Task inputs →
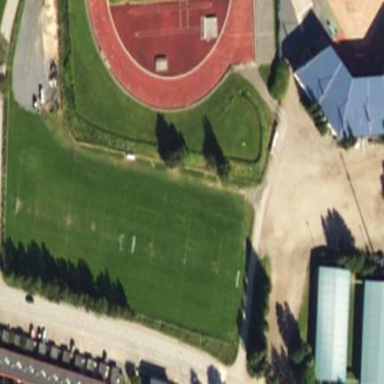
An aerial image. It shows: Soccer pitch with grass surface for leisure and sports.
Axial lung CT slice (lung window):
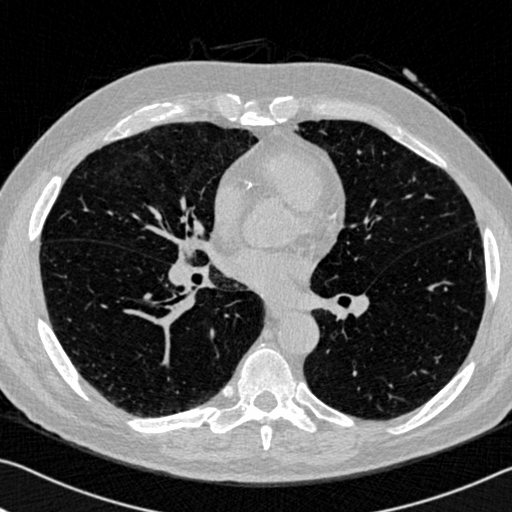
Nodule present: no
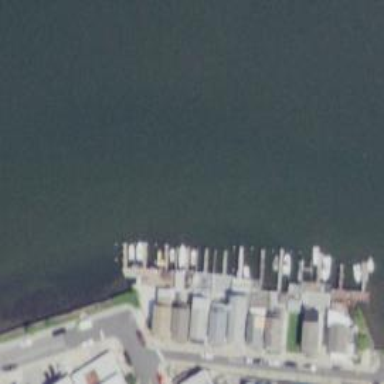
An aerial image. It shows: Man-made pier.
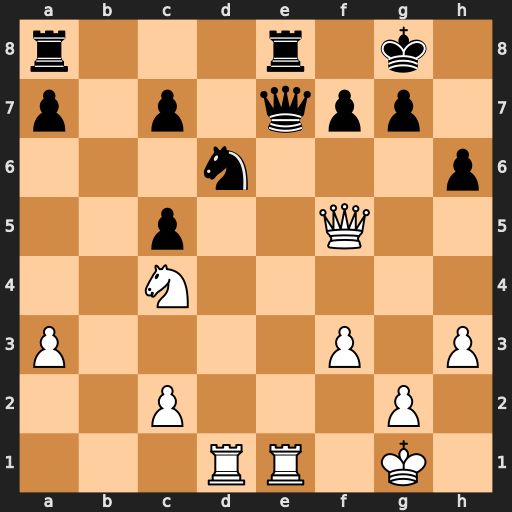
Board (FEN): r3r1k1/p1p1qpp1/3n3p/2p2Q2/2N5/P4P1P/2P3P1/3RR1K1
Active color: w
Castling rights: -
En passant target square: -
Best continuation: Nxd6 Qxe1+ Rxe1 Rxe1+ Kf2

* * *

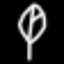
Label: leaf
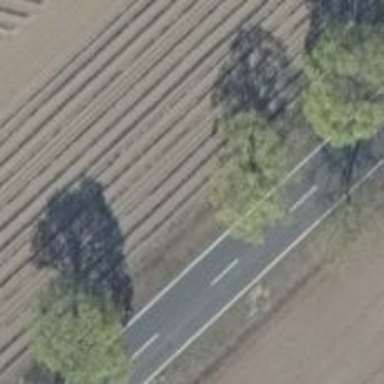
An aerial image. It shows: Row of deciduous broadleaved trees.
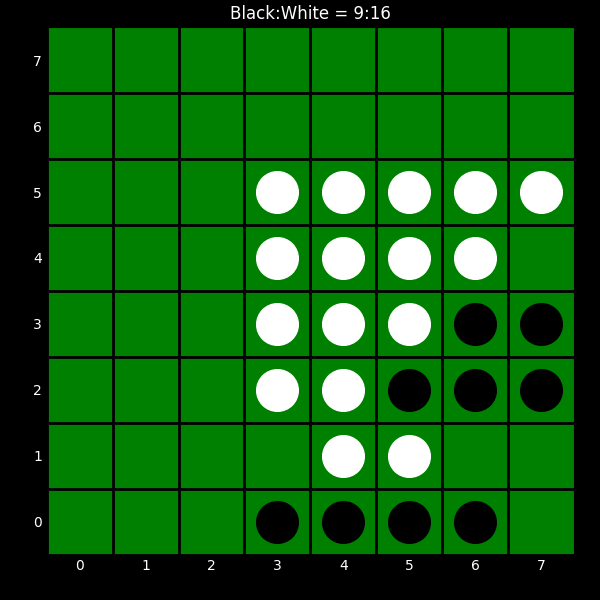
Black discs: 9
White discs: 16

What you should do →
Provide the number of lines in the data above that contain the string "aerial", and nothing else.

Output below →
3